Dıştan bir etki olmaksızın kendi kendine suda ölüp su yüzüne çıkan balıklar yenmez. Fakat suyun açılıp kurumasından, fazla sıcak veya soğuktan ölen veya kuşlar tarafından öldürülen, su içinde bağlı tutulmakla ve buz içinde sıkışmakla ölen balıklar yenir. Balıklarda boğazlamaya gerek yoktur.
Göle veya denize atılan balık otunu yemekle göl veya deniz içinde ölen veya avlanıp da sudan çıkarılmadan başlarına tokmakla vurulup öldürülen ve ağ içinde kurtulamayıp ölen balıkların yenmeleri de helaldir.
Balıklar temiz olmayan suların içinde bulunmuş olsalar da etleri yenebilir.
Avlanan bir balığın içinden çıkan bir balık sağlam ise, o da yenebilir, sağlam değilse yenmez.
Boğazlanan bir hayvanın karnından çıkan yavrusu, İmam Azam’a göre yenmez. Anasının boğazlanmış olması, yavrusu için yeterli olmaz. Bir canlının boğazlanması ile iki canlı boğazlanmış olamaz. Çıkan yavru canlı ise boğazlanmak suretiyle yenilebilir.
(Üç imamın (Şafiî, Malik ve İmam Ahmed) görüşleri de böyledir.)
Canlı olup olmadığı bilinemeyen bir hayvan boğazlanırken hareket ederse veya boğazlanan diri hayvanlardan çıkan kan gibi bir kan çıkarsa, eti yenebilir. Çünkü bunlar hayat alametleridir. Ancak, sadece gözünü veya ağzını açması veya ayağını uzatması bir hareket sayılmaz. Böyle bir hayvanın kesilirken gözünü yumması, hayatın varlığına delalet eder.
Hayvanların “Demi mesfuh = Akar kan” denilen kanları temiz değildir. Burada Besmele ile kesilmiş olup olmamaları eşittir.Eti yenen hayvanlardan Besmele ile kesilenlerin içlerinde kalıp akmayan kanları temizdir. Bunların karaciğer ve dalakları da temizdir. Bunlardaki kanlar paktır.
Kesilen bir koyunun ödü, bezesi, idrar torbası, cinsel organları, yumurtaları mekruhtur, bunlar yenmemelidir.

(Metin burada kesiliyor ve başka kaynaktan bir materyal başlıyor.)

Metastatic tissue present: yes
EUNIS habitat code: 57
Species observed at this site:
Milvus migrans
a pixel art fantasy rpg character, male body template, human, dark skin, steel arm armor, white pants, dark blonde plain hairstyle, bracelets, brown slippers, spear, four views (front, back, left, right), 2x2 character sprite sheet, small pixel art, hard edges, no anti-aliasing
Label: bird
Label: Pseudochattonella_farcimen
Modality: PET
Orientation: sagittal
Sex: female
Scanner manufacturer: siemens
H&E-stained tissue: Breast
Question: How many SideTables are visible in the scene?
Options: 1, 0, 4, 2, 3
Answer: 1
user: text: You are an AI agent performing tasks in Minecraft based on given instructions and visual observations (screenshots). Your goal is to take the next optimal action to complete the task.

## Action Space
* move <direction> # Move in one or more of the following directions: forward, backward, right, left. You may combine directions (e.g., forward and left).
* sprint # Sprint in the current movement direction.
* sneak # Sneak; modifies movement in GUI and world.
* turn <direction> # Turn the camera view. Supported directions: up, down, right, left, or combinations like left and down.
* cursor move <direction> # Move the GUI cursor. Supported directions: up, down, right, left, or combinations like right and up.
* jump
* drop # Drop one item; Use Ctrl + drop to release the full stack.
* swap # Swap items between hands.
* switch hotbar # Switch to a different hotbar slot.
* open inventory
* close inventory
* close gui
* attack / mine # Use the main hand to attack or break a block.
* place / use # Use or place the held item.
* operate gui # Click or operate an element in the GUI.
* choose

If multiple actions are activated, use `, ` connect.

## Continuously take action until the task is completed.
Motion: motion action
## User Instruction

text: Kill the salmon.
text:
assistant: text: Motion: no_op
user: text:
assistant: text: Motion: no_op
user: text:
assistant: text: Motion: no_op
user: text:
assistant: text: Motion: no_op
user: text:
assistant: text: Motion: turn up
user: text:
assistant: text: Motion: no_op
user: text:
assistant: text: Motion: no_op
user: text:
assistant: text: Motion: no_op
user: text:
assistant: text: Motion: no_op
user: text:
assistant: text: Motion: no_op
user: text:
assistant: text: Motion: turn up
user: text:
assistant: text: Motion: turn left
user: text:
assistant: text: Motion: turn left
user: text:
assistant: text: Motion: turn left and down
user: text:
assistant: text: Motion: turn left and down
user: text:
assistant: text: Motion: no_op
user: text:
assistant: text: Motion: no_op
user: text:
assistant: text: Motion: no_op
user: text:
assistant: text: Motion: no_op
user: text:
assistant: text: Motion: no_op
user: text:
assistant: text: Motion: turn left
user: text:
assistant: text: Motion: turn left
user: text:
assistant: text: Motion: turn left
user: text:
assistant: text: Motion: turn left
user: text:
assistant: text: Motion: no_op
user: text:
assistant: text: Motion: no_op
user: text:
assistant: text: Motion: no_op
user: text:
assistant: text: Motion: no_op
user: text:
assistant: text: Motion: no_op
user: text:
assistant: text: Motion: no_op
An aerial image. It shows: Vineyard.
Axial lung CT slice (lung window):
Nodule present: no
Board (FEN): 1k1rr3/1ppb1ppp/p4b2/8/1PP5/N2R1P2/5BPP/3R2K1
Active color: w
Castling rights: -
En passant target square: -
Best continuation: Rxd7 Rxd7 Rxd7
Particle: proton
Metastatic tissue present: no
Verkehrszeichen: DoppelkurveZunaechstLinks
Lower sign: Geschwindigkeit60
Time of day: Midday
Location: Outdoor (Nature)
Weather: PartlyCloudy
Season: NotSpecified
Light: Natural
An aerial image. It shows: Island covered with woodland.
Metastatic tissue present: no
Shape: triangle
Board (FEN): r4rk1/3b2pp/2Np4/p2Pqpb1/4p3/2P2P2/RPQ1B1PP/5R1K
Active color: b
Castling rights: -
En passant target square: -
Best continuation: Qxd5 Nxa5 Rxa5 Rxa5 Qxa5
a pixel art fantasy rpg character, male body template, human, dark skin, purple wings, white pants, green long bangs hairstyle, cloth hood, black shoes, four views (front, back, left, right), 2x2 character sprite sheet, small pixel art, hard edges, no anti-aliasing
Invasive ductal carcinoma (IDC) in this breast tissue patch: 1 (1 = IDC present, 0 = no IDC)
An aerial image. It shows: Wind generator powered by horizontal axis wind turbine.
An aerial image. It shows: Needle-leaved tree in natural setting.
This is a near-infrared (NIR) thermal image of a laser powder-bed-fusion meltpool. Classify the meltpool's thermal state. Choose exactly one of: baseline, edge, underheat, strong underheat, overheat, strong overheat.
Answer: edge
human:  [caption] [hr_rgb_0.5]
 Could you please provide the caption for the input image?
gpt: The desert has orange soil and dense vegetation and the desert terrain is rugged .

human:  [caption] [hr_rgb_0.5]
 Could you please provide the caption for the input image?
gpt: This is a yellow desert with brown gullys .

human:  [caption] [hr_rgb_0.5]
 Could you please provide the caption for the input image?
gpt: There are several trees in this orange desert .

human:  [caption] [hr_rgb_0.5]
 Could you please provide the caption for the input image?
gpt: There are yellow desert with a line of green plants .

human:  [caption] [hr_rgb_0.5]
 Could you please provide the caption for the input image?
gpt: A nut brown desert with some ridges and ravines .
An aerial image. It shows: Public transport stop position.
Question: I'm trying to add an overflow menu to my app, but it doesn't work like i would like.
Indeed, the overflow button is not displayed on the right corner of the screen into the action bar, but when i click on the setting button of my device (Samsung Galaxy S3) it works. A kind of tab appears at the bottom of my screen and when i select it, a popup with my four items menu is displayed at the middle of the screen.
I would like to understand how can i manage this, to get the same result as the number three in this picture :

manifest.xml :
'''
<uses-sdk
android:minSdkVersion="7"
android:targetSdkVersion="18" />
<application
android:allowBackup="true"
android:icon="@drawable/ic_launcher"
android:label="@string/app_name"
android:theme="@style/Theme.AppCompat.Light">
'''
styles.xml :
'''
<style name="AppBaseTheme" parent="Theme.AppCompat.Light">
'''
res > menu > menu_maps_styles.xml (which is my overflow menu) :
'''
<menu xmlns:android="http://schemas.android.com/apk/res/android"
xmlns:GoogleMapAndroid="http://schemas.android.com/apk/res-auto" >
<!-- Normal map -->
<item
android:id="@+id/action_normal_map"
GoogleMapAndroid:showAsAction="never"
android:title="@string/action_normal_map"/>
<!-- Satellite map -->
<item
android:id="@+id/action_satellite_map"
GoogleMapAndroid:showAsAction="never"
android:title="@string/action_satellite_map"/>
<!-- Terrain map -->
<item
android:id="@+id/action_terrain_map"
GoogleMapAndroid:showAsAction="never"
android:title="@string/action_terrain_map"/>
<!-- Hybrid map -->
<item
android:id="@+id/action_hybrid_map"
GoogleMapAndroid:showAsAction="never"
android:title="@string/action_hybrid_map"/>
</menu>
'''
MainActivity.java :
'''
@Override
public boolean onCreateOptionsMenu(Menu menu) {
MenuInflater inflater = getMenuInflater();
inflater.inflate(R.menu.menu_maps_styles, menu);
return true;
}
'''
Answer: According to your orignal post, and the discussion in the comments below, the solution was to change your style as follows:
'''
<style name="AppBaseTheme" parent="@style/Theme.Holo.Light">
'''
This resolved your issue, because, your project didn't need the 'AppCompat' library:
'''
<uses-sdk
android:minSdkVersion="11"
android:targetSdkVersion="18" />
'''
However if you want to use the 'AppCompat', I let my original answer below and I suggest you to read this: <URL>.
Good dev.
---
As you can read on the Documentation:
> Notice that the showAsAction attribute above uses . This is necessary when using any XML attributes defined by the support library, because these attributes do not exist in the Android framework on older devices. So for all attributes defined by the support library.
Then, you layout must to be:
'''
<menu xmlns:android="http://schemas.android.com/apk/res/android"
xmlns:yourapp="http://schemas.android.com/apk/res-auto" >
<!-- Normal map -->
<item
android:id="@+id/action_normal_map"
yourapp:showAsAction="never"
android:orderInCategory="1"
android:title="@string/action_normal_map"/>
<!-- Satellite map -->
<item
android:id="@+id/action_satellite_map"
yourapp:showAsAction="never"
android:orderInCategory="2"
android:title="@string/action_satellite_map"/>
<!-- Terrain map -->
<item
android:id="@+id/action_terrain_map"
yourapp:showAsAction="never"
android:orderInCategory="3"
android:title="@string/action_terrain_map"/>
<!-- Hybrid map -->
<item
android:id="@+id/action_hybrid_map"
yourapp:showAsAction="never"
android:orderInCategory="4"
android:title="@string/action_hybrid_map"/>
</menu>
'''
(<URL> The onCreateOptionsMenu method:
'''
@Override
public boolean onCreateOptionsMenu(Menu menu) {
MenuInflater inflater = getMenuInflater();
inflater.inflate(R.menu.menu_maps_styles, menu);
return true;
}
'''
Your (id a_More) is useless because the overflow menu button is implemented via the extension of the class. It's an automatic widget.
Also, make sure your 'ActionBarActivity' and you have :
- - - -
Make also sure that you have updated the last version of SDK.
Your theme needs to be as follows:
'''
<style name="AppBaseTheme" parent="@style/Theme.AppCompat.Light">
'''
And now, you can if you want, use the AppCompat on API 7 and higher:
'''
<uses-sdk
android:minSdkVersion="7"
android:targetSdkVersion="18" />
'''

Domuzun bütün cüzleri pistir, bunlar temiz olmazlar, hiç bir şeyi helal değildir. Yalnız kıllarından yararlanıp yararlanılamayacağı konusunda ihtilaf vardır. İki imam ile İmam Şafiîye göre domuzun kıllarından badana fırçası yapılması ve bunlarla ayakkabı dikilmesi caizdir.
Öyle ki, bu kıllardan bir mikdar az su içine düşecek olsa, o su İmam Muhammed’e göre pislenmiş olmaz. Çünkü bu kıllarla yararlanmaya izin verilmesi, temizliğine delildir. Fakat İmam Ebû Yusuf’a göre, bu yararlanma için olan izin, bir zaruretten dolayıdır, suya düşme halini kapsamaz. Onun için, içine düştüğü az bir suyu temizlikten çıkarır, bozar. Domuzların İslam ülkesi olmayan yerlere götürülüp orada müslüman olmayanlara satılması caizdir.
Bir misafire ikram olmak üzere Besmele ile kesilen herhangi bir eti yenen hayvanın eti yenebilir; ikram niyeti olunca Allah rızası için boğazlanmış olur. Fakat herhangi bir adamın gelişine hürmet olsun diye sadece o şahıs için kesilirse, besmele olsa bile, yenmez. Çünkü bu Allah için misafire ikram değil, o büyük görülen zata tazim için kesilmiş sayılır. Onun için misafirliği gözeterek insana ikramda bulunmalı ve yedirmeli, niyet bu olmalıdır.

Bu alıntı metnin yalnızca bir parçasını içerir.